I don’t quite know what our children were trying to tell us when they gave us the book How Not To Be Wrong for Christmas; though the subtitle The Hidden Maths of Everyday Life took some of the sting out of it. I started reading it on Boxing Day, and was bowled over. 

The bit that got me hooked was a spirited defence of the usefulness of maths even for people who will never use the specific mathematical operations that they spent hours on in school. The author, Jordan Ellenberg, draws an analogy with the repetitive physical exercises – weight curls and the like – used by professional sportsmen to build strength, insight and other skills even though they’re never directly used on the field of play; and also used by amateurs who simply want to improve their fitness or skill.

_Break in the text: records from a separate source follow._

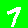
Digit: 7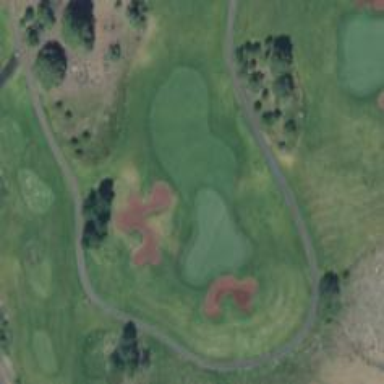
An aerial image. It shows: View of golf hole.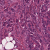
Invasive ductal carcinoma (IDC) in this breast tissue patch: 1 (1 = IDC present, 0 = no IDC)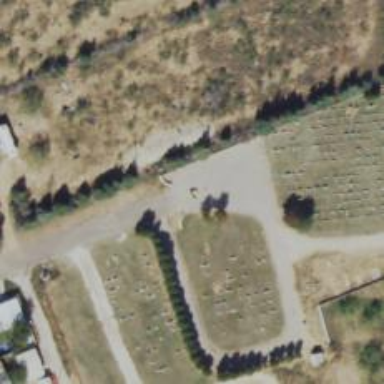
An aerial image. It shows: Historic memorial.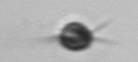
Label: Acanthoica_quattrospina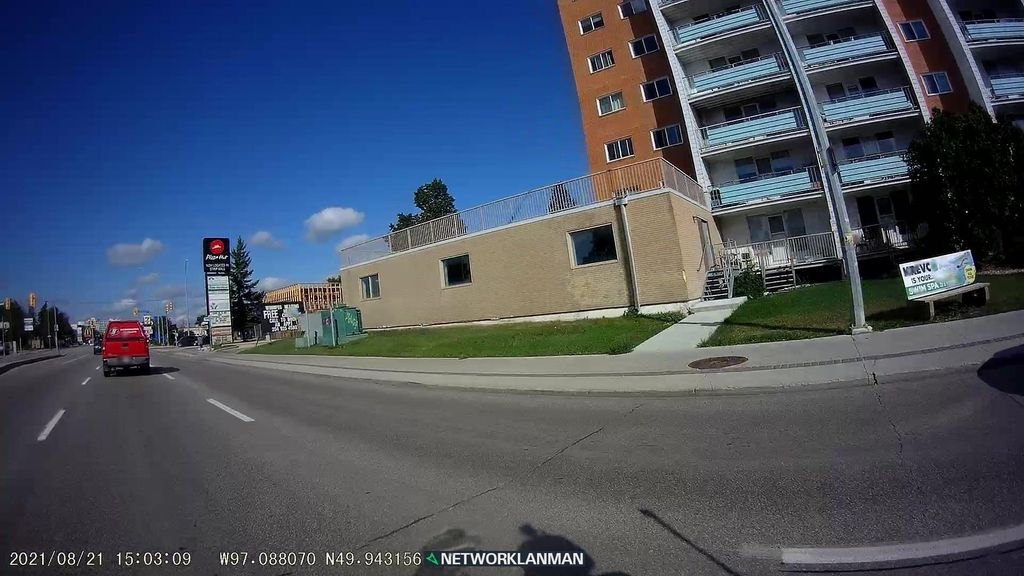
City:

This struck a chord because it is equally true of operational research. Of course it would be – what is OR but maths or science insights applied to problems of social or business organisation? OR people cover the whole spectrum, from deep experts in something generally recognised as ‘an OR technique’ who spend most of their time developing or applying that technique, to people who have never read a single OR textbook. In between are many who, once upon a time, read and wrote reams about travelling salesmen waiting in M/M/1 queues for convex objective functions, but who have never actually met them in real life. Is OR knowledge really useful for all of them?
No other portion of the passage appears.